While the stories can be a bit erratic, the visuals are a steady joy from start to finish. Cinematographer Robert Yeoman’s images could fill a postcard rack. Together, he and Anderson dip into all kinds of techniques to create a vivid living, breathing tapestry. They play around with the aspect ratios, cross back-and-forth between black-and-white and color, and use several of Anderson’s favorites touches (his side-scrolling dollhouse trick, his low-cut angles, the scrupulous editing, the dingy pastels in his color palette). At times it may feel like sensory overload, but I couldn’t take my eyes off the screen and often wanted the pause the movie just to soak in every detail.

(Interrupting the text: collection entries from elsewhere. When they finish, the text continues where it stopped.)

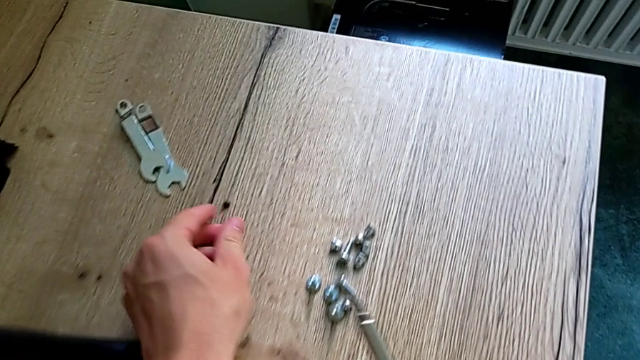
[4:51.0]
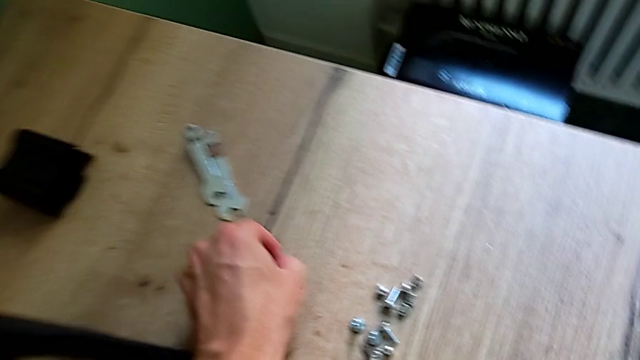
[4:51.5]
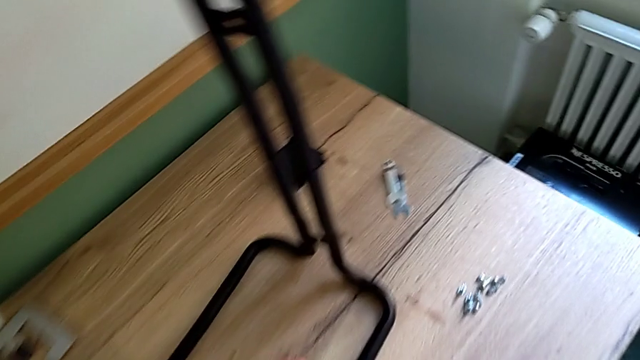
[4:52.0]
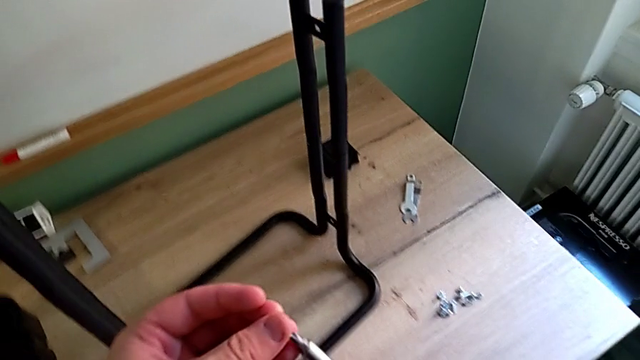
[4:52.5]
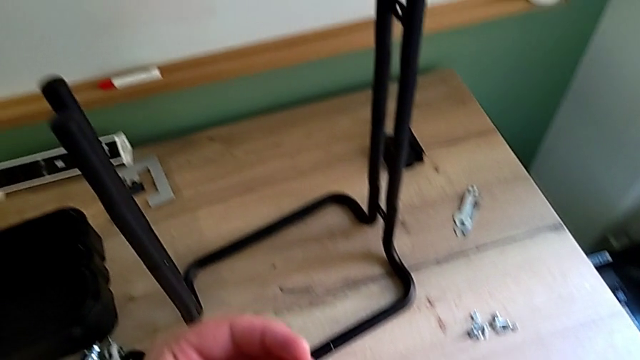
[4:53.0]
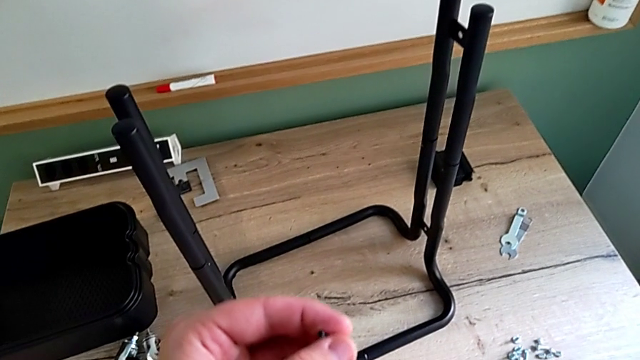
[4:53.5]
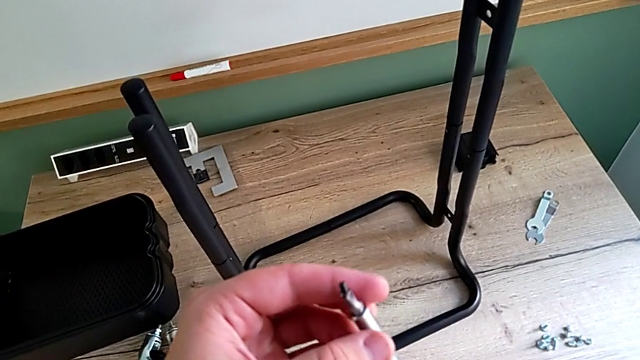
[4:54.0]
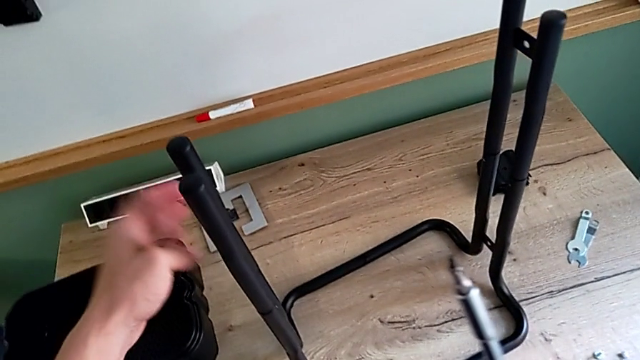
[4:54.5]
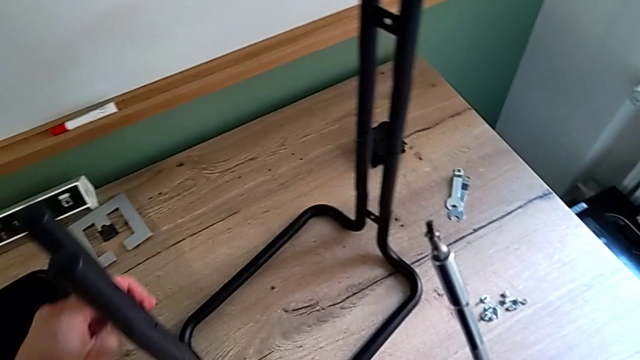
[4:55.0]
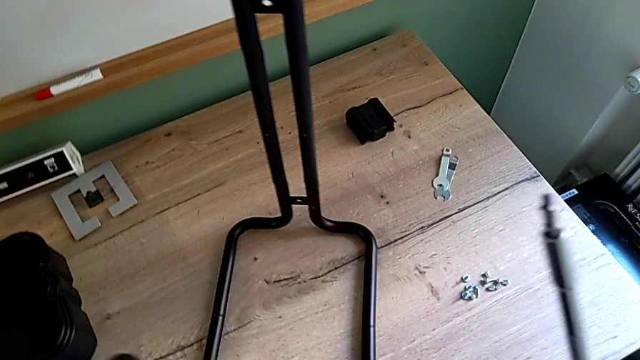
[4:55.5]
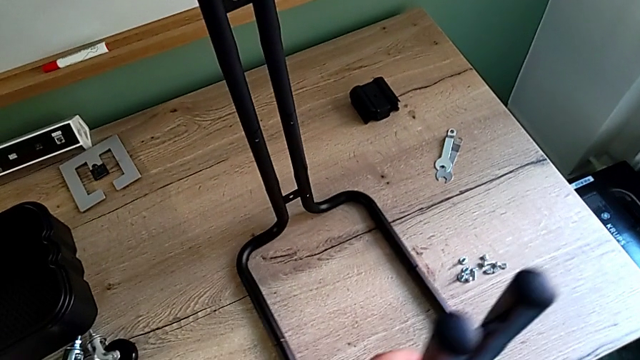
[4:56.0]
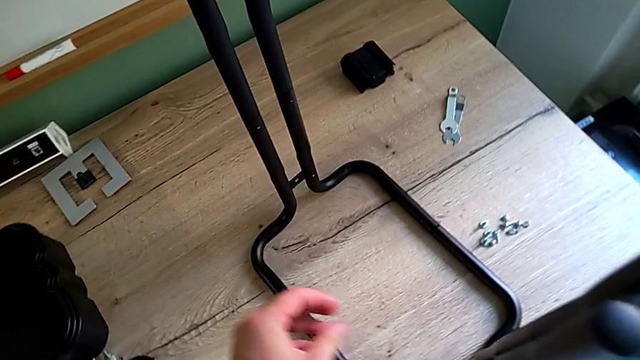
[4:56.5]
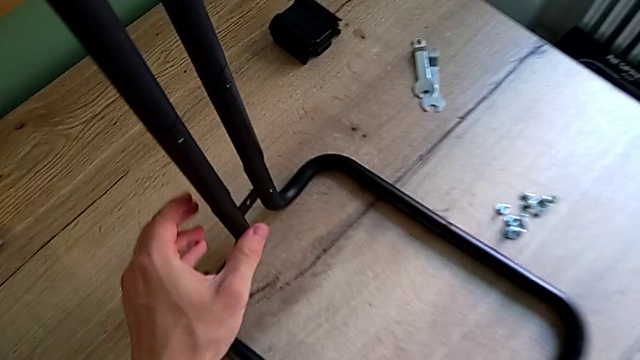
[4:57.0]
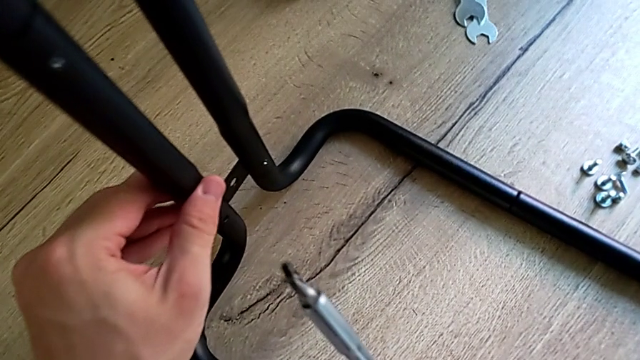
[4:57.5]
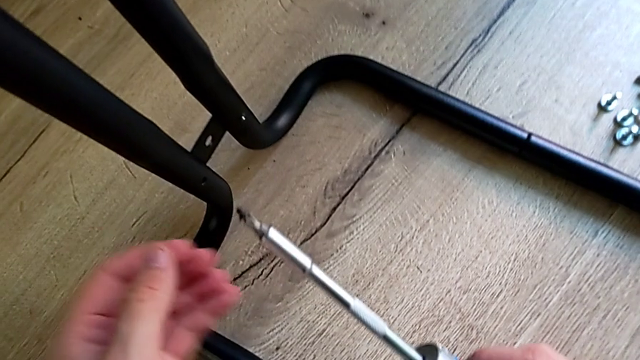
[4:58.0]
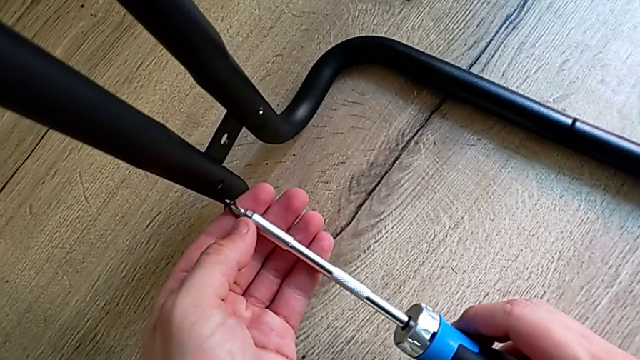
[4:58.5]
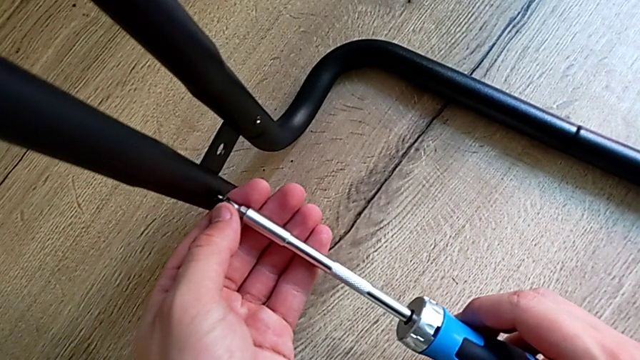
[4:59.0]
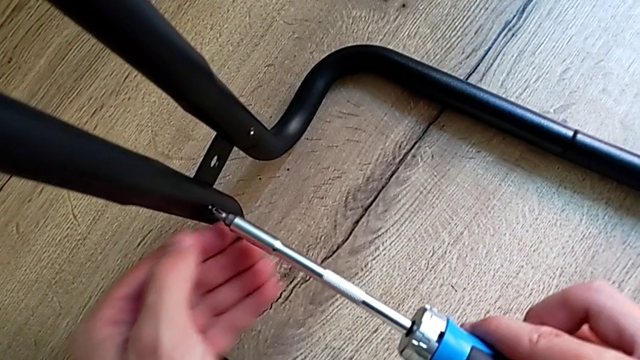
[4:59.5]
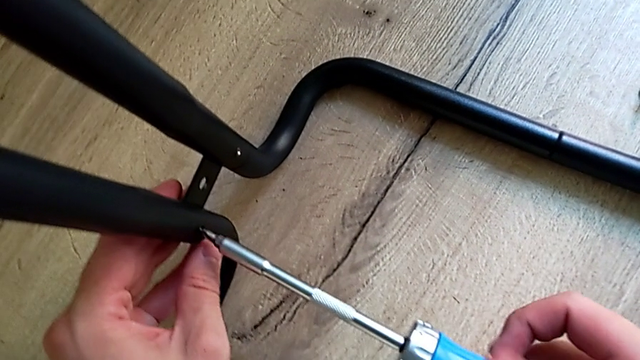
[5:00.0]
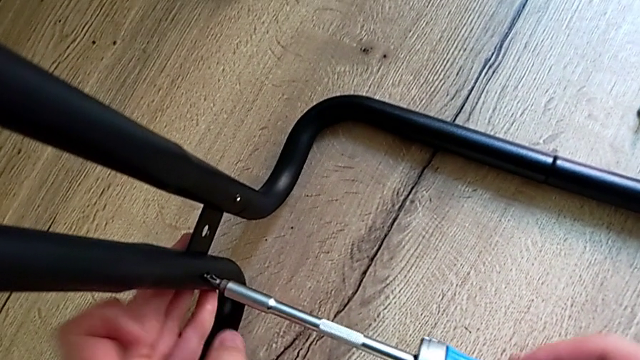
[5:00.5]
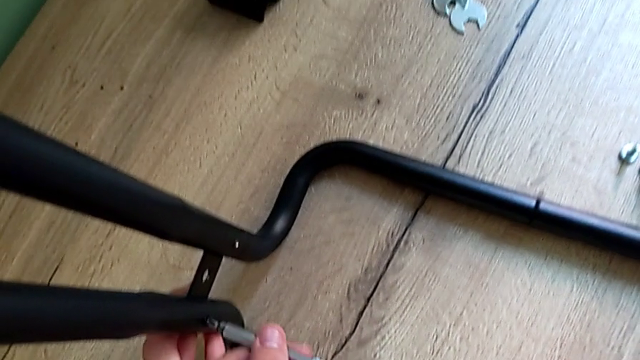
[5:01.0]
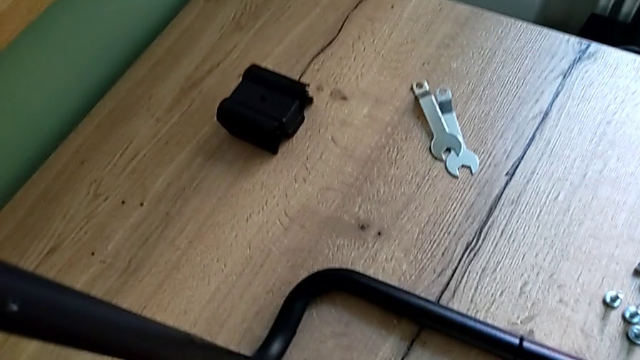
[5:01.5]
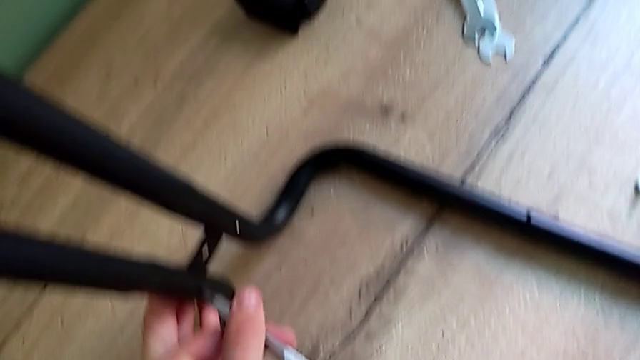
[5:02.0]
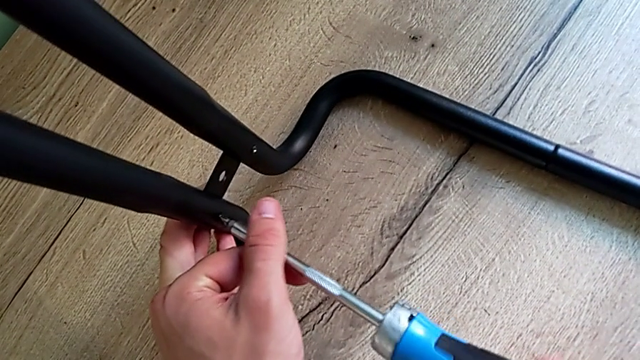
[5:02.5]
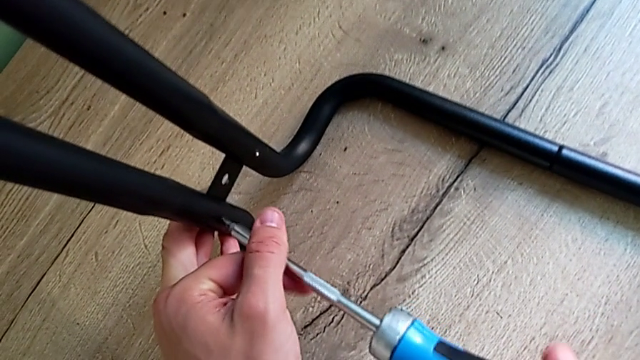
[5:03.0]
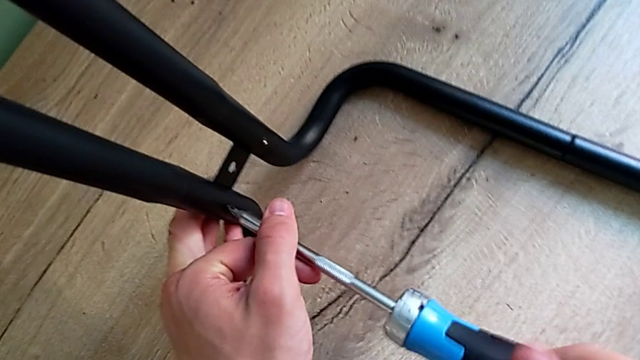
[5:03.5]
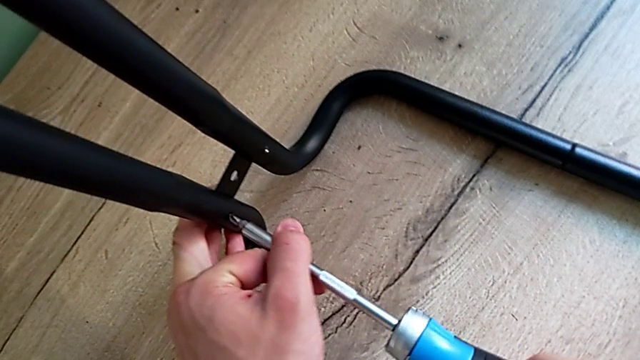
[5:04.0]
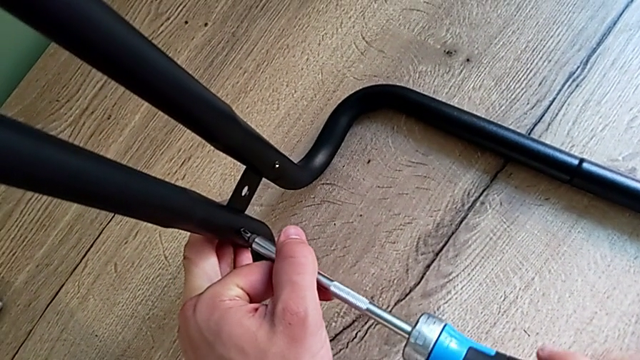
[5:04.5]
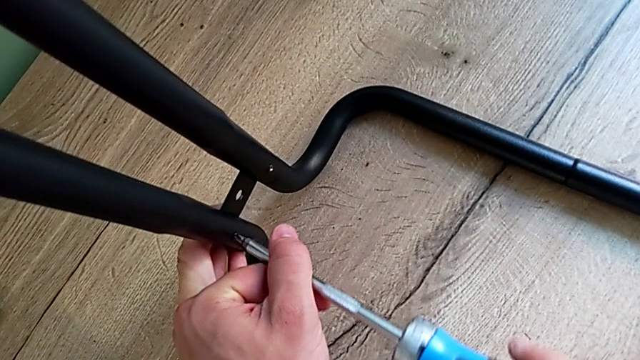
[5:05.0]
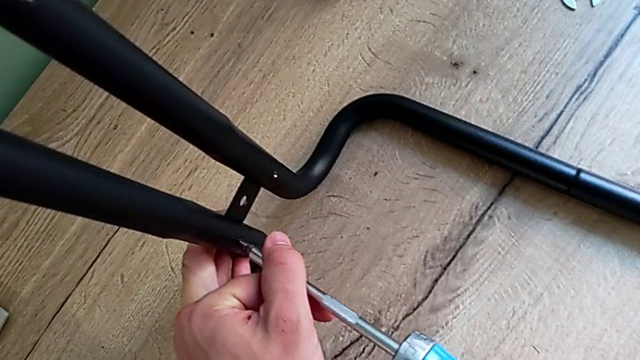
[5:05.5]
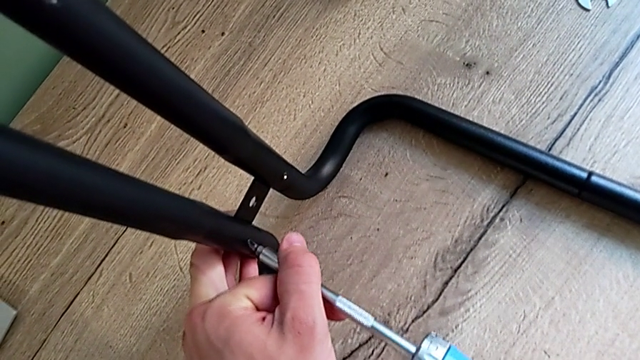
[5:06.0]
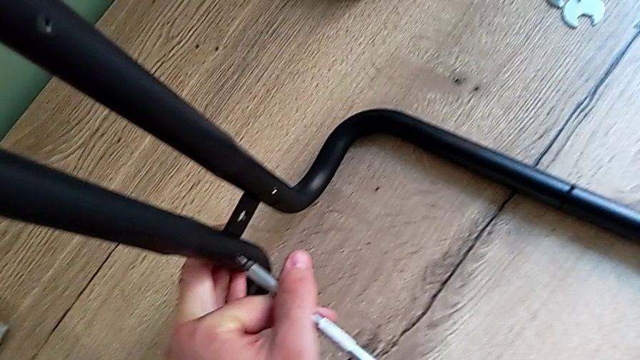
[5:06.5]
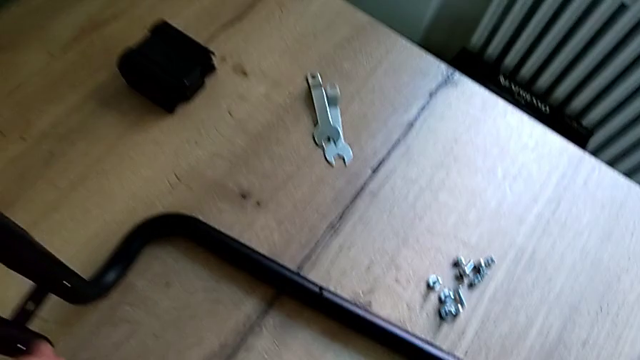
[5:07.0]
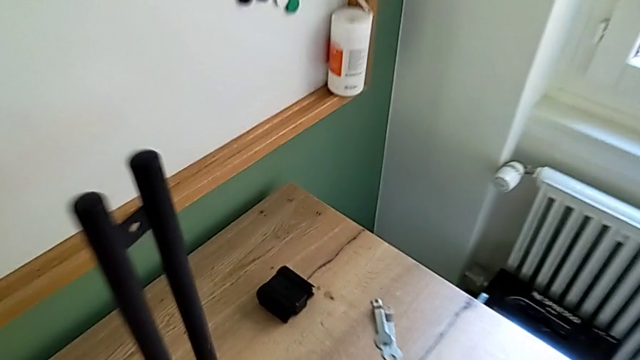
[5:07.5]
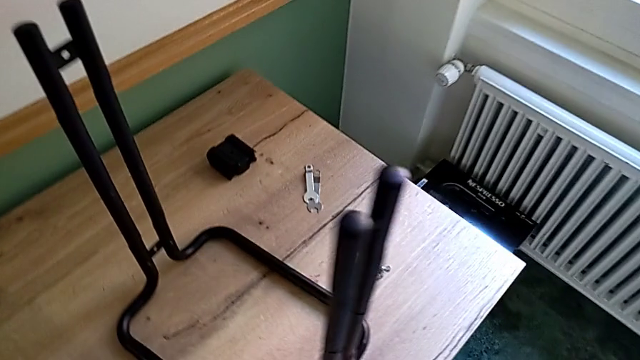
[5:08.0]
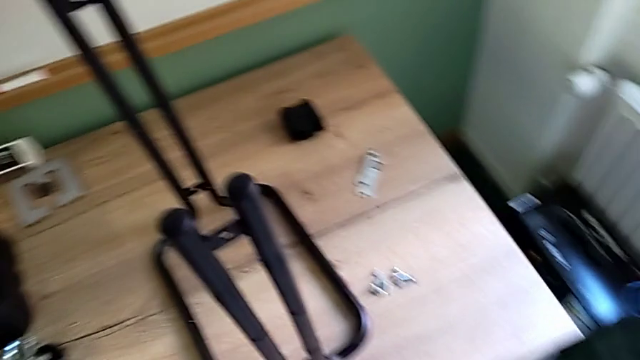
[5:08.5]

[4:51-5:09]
The camera wearer is screwing the right bar into the base frame. They grab the screw, rotate the frame and rotate the utility cart.

“The French Dispatch” isn’t a movie easily defined, yet it’s one that’s very confident in itself. Nearly every frame, every character, and even the stories themselves are rich with influences and inspirations. Unfortunately the movie never slows down, never lets us up for air, and never gives us time to digest what we have consumed. That steady propulsion is embedded in the film’s DNA and is a key part of Anderson’s storytelling design. It can also be exhausting and a bit overwhelming, to the point that it leaves you thinking more about what all you missed rather than what you’ve actually seen. Then again, you could say “The French Dispatch” isn’t as much about the stories being told as it is the art of telling them. I don’t know if I fully buy that, but it’s enough to tide me over till my second viewing, something every Wes Anderson movie requires.